*** GIVEN ENTRIES ***

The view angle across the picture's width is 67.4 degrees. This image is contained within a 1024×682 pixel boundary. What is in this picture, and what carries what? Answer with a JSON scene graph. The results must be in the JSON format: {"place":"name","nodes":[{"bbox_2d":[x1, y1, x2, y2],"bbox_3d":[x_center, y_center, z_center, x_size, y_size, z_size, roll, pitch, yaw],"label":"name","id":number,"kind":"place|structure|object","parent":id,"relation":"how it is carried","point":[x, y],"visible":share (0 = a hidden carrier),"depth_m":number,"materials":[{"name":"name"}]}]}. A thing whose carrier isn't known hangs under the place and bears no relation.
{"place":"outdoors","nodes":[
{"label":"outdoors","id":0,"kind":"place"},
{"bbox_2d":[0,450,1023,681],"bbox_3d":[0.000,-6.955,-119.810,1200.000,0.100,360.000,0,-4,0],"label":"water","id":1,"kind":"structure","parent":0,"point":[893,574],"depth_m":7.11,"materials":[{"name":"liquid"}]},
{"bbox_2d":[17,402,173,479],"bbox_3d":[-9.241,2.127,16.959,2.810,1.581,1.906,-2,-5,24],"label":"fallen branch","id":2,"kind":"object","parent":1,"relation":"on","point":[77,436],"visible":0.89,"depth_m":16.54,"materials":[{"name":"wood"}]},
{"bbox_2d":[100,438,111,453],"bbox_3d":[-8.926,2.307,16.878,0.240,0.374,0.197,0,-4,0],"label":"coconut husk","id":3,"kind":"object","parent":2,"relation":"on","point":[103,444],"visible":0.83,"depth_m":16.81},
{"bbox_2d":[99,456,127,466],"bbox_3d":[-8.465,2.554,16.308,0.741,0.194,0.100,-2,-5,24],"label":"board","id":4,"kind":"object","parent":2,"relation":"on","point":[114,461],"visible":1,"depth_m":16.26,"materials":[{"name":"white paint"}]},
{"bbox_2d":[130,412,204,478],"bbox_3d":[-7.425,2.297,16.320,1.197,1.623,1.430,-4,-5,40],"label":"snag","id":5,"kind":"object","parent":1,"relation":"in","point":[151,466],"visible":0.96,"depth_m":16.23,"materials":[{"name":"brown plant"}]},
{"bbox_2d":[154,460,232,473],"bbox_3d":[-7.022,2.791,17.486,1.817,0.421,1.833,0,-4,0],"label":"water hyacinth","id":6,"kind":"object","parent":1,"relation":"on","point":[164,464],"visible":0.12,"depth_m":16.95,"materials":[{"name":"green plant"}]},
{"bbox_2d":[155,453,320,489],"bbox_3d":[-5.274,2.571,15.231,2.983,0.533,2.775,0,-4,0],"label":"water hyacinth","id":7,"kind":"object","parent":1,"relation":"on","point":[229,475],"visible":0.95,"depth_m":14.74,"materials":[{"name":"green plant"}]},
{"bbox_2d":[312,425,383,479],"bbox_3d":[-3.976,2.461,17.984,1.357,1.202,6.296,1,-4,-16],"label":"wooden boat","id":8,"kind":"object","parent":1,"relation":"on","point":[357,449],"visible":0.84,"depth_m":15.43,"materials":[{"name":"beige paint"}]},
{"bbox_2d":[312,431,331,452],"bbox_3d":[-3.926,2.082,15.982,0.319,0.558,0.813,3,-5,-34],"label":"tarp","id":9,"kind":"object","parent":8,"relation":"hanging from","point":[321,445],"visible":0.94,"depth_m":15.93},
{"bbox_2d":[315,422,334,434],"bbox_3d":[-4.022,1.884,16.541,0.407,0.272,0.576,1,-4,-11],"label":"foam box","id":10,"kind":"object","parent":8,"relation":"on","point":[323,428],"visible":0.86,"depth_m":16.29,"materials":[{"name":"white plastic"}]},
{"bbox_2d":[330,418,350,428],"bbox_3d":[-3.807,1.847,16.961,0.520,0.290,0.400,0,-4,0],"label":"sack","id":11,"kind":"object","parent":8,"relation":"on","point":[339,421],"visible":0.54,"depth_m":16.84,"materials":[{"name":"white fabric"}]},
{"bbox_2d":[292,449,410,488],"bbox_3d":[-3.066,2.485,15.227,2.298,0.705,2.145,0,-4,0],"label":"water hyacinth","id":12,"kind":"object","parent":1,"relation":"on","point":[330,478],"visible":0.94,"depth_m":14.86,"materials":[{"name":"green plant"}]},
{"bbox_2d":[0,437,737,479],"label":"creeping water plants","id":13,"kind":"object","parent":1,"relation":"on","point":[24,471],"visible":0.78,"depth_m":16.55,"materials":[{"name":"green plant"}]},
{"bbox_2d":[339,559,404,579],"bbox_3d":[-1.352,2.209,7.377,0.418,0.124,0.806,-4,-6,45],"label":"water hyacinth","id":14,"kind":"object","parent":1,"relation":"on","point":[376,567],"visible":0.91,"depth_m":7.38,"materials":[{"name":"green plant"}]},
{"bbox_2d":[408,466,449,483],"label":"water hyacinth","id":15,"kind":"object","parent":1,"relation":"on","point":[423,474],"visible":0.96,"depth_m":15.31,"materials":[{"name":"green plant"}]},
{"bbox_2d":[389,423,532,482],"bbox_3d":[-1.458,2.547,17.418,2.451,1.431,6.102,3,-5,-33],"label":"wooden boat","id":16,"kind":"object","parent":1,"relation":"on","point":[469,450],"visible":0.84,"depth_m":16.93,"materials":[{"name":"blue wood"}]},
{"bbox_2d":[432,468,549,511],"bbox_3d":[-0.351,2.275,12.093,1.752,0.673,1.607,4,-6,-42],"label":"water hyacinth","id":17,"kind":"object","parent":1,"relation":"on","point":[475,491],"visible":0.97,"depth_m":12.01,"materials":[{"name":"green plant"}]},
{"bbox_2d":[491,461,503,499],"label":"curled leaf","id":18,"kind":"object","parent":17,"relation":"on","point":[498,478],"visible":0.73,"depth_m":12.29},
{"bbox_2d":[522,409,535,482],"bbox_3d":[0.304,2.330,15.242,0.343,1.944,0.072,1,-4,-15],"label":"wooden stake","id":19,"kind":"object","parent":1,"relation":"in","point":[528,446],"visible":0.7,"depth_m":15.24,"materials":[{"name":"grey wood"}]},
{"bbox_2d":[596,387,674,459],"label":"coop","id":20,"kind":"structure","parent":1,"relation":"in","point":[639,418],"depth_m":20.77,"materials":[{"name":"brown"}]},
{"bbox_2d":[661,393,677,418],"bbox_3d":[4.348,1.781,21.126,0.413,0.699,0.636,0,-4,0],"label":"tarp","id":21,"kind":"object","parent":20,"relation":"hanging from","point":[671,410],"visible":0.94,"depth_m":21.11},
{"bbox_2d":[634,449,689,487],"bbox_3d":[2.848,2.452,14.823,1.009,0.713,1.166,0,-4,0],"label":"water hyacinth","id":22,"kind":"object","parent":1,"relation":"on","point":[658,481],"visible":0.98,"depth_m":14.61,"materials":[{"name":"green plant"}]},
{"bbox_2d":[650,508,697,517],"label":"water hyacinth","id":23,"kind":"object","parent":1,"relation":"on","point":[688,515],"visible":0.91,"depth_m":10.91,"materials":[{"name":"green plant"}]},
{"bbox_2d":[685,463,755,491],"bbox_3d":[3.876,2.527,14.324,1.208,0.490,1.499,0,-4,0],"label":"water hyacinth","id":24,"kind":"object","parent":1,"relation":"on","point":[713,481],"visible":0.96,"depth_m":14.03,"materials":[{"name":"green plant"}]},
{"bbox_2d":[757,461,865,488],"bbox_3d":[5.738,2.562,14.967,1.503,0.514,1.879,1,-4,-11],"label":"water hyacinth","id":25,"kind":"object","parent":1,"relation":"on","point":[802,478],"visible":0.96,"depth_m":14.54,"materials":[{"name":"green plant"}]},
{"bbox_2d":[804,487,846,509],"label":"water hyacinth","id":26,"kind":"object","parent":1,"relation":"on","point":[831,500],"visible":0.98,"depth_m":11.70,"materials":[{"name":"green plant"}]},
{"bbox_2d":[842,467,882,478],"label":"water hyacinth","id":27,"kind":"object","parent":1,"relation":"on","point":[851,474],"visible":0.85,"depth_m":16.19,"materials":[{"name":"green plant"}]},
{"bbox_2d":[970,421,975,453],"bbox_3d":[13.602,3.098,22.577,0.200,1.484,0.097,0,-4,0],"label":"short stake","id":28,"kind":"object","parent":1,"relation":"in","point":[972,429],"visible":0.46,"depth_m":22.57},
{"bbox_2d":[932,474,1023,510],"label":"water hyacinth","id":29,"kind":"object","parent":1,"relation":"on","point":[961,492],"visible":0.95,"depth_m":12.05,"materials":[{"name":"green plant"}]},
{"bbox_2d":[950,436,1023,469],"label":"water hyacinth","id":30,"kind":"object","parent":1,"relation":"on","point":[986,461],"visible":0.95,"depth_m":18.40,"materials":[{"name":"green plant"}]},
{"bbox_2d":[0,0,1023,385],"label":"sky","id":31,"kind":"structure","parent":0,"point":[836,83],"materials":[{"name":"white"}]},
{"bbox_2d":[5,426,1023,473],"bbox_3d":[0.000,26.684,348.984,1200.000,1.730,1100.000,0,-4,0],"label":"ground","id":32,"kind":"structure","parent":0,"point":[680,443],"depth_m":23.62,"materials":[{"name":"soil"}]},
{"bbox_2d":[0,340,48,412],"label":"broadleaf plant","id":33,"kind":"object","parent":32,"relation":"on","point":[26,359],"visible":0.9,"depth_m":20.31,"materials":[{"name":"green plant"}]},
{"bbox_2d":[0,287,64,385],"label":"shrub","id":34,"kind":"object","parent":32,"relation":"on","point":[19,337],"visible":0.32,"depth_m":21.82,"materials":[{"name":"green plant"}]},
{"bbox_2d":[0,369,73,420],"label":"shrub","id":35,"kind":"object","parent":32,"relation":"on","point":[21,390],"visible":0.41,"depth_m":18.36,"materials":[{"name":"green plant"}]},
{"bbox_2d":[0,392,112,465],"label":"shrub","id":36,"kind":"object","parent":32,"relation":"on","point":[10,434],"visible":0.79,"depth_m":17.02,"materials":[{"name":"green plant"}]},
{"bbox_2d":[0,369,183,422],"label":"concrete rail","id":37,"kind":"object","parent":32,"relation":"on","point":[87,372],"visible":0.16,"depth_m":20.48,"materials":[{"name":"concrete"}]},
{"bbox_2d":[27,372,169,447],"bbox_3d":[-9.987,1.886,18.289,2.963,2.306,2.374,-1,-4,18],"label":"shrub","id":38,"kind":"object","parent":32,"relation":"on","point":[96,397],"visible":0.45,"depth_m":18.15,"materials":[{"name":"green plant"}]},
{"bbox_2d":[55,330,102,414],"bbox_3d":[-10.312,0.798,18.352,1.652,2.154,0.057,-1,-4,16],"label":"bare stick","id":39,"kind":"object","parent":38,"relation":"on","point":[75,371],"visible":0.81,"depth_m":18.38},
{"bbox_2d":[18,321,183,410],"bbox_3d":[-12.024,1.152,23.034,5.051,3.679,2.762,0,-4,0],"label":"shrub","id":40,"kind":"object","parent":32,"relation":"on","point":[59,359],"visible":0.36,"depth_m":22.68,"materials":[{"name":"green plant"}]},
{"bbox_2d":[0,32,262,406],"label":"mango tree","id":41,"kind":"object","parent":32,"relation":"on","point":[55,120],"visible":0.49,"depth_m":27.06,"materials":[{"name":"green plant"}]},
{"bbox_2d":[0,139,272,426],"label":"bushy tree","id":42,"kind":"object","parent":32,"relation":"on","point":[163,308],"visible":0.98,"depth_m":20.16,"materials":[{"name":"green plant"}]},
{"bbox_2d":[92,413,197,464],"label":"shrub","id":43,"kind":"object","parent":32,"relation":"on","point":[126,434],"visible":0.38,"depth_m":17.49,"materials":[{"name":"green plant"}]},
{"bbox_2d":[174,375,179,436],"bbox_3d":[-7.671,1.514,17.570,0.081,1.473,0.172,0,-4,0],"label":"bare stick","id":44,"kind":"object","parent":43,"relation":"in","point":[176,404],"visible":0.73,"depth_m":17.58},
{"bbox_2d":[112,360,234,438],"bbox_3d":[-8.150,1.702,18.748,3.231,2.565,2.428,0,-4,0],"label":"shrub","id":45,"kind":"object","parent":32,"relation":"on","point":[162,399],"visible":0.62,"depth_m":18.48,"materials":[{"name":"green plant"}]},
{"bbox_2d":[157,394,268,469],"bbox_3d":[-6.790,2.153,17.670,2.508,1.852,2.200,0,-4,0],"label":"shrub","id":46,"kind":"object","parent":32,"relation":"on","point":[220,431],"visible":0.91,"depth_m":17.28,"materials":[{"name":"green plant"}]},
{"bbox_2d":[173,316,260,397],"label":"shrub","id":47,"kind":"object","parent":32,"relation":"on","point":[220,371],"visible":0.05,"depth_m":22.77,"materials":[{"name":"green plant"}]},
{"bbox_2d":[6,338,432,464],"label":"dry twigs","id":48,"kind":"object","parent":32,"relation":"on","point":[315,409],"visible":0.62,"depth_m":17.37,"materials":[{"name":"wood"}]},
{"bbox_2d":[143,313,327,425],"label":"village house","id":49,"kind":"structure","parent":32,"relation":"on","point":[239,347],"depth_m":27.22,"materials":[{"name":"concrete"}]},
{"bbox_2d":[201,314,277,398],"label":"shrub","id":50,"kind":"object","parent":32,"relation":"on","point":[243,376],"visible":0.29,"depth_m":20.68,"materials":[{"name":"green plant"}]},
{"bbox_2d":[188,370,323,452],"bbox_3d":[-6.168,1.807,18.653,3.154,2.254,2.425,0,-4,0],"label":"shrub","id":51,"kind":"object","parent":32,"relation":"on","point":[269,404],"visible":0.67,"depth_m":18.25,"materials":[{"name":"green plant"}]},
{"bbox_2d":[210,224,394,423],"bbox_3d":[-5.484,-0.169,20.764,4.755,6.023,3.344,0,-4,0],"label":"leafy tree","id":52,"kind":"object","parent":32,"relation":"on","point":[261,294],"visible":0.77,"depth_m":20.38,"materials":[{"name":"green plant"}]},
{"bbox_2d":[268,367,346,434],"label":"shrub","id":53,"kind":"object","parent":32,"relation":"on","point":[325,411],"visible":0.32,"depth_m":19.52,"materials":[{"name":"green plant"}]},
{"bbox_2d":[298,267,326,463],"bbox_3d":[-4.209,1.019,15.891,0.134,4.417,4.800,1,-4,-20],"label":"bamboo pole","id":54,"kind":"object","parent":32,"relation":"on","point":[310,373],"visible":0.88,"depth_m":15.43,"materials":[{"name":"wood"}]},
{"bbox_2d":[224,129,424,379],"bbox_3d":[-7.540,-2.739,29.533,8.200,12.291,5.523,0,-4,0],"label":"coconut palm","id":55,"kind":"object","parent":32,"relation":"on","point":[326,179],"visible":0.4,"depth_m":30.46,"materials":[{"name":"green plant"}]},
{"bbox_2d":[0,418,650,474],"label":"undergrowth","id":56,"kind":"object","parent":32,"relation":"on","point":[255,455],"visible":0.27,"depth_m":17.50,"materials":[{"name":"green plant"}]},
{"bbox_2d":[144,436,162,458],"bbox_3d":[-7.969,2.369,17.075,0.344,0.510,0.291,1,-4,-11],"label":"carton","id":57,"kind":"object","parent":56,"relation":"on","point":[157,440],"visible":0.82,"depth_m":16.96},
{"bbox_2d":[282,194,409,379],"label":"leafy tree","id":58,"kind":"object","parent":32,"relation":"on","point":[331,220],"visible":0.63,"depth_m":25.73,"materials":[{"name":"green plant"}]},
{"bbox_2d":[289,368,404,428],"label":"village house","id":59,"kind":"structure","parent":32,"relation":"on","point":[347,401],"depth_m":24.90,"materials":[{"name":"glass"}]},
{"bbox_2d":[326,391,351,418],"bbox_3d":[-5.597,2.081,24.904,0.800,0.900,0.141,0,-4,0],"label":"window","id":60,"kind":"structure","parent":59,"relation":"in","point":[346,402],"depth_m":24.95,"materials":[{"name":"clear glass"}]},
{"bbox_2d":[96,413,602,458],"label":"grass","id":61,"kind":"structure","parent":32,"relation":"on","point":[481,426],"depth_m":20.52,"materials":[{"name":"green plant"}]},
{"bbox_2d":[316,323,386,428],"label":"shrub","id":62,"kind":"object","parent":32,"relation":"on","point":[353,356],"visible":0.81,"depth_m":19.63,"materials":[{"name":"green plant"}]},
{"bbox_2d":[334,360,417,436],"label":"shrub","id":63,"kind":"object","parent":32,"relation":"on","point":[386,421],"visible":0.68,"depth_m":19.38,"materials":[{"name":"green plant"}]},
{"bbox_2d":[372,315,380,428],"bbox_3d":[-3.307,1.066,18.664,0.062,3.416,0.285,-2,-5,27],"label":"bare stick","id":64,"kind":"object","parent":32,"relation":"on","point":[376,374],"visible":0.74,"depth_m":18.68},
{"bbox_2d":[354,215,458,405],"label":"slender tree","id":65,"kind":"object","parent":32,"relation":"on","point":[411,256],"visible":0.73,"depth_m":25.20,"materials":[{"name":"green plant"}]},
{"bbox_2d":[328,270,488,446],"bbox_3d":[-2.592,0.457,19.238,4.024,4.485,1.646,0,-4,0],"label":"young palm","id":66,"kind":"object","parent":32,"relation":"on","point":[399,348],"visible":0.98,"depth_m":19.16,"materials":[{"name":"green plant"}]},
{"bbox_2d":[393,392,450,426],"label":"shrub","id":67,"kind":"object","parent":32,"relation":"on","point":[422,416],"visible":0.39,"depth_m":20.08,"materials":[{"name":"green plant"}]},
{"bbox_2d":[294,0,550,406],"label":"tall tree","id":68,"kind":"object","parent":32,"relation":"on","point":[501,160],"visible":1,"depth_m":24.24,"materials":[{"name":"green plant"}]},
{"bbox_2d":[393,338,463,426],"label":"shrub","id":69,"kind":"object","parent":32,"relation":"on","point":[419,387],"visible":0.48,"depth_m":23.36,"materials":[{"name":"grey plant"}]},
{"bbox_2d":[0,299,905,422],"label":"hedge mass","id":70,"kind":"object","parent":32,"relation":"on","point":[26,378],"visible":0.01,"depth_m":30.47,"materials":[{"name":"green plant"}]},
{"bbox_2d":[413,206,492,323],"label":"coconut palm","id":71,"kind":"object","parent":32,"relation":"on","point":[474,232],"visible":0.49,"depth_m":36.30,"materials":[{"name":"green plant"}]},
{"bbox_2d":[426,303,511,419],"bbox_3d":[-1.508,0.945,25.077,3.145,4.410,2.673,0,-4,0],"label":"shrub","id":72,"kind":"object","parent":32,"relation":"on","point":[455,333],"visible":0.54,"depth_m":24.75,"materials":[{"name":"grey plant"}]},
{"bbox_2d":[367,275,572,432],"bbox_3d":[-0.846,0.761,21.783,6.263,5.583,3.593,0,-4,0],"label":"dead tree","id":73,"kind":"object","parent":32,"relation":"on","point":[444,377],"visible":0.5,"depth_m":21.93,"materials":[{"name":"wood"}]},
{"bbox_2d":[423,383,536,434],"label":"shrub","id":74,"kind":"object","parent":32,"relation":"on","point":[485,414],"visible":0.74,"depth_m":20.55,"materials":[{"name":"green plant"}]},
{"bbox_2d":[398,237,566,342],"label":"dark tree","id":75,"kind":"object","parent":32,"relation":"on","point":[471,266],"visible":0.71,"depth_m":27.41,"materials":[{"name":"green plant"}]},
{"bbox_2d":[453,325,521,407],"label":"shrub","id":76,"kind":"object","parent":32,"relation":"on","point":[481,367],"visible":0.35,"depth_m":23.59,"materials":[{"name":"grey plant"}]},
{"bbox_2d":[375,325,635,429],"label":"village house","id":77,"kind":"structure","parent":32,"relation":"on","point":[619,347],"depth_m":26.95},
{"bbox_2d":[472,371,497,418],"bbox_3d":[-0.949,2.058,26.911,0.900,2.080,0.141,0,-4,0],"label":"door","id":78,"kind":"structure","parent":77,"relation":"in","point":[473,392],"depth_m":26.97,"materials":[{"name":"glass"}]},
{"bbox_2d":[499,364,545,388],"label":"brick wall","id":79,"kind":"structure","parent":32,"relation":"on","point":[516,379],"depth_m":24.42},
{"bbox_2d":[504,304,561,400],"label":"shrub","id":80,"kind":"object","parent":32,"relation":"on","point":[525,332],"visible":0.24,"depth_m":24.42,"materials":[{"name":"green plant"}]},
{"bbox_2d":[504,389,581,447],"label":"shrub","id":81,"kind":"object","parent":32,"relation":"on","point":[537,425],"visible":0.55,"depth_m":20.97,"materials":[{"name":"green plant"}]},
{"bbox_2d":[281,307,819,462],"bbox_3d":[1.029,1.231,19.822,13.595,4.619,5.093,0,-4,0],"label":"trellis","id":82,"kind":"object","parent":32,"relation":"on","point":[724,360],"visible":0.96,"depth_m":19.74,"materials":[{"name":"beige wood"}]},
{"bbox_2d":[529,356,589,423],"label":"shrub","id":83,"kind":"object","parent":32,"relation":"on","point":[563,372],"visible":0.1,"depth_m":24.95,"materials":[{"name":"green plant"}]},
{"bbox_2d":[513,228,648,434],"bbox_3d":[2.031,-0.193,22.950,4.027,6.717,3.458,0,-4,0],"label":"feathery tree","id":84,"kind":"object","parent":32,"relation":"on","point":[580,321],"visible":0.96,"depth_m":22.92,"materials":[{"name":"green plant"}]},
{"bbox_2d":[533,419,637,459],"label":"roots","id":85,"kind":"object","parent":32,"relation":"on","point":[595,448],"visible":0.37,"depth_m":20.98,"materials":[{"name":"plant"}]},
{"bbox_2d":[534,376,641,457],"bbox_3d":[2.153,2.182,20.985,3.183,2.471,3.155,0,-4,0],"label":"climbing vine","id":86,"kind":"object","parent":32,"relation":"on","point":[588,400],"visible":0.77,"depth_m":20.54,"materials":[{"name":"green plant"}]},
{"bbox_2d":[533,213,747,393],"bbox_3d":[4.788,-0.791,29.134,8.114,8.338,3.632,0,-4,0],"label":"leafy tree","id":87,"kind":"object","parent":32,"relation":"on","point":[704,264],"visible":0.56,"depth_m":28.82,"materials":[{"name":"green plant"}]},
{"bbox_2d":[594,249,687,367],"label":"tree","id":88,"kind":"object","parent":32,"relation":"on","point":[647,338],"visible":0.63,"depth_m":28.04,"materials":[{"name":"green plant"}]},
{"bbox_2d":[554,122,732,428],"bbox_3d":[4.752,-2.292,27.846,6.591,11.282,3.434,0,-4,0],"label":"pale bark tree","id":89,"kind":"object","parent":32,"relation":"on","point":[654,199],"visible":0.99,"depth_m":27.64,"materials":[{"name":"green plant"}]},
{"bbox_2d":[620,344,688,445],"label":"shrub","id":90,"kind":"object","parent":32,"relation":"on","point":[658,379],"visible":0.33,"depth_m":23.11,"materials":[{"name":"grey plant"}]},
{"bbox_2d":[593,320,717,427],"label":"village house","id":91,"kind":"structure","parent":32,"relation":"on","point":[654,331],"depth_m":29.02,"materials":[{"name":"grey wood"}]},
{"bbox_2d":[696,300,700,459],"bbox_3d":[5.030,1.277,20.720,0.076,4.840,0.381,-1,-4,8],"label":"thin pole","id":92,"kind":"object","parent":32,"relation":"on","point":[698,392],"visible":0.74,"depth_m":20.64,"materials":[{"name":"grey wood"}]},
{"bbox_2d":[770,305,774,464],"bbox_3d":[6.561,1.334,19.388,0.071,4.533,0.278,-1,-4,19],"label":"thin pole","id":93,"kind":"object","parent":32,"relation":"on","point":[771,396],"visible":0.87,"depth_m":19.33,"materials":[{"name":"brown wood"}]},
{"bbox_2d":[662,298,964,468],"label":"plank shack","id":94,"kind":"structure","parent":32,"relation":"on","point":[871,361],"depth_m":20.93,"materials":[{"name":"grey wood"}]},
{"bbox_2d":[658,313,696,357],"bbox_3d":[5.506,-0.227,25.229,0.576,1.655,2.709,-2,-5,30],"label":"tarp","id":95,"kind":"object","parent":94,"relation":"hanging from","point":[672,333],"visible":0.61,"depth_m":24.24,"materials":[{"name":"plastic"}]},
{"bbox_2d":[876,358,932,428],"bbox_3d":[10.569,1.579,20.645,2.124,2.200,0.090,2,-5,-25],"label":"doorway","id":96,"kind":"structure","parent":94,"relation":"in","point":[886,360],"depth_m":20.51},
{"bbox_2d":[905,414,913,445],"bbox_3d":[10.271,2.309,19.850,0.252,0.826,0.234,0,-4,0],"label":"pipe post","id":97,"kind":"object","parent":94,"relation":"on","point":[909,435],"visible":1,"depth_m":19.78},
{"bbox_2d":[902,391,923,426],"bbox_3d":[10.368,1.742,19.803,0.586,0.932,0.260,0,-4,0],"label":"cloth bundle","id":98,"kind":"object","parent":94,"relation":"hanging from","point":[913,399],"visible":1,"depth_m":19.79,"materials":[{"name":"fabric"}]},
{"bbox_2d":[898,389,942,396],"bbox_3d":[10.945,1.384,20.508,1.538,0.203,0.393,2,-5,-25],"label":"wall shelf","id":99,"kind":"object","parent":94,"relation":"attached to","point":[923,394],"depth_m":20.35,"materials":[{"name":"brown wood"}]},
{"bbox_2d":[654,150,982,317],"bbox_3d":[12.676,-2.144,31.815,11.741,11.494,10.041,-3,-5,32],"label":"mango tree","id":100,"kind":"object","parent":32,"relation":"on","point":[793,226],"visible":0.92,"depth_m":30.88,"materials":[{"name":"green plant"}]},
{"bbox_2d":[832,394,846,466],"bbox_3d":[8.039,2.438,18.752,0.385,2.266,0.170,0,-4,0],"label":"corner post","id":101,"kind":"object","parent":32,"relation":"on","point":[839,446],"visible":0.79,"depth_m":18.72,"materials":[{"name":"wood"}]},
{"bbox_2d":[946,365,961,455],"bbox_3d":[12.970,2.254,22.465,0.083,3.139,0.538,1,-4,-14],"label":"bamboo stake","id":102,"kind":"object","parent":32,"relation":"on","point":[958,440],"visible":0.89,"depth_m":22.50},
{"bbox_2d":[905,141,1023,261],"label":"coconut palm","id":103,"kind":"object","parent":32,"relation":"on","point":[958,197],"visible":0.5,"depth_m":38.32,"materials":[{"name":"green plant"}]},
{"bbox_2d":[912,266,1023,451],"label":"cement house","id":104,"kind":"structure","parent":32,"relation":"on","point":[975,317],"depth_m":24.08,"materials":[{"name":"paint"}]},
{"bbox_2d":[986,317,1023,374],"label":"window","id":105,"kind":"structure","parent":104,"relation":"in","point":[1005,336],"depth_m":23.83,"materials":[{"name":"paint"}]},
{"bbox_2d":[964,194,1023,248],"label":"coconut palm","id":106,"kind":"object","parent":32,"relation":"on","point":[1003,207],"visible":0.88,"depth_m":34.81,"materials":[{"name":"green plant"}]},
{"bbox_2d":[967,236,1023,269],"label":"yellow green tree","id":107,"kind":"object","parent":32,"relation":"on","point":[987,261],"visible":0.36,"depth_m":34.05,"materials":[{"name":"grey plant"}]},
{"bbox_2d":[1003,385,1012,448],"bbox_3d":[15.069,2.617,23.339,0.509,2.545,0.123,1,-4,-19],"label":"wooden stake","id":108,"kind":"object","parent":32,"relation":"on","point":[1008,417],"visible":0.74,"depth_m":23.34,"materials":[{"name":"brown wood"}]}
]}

*** End of GIVEN ENTRIES ***

__TASK__: Your reply should be only the number of lines in the preceding data that include the word "post".

__ANSWER TO THE PROBLEM__: 2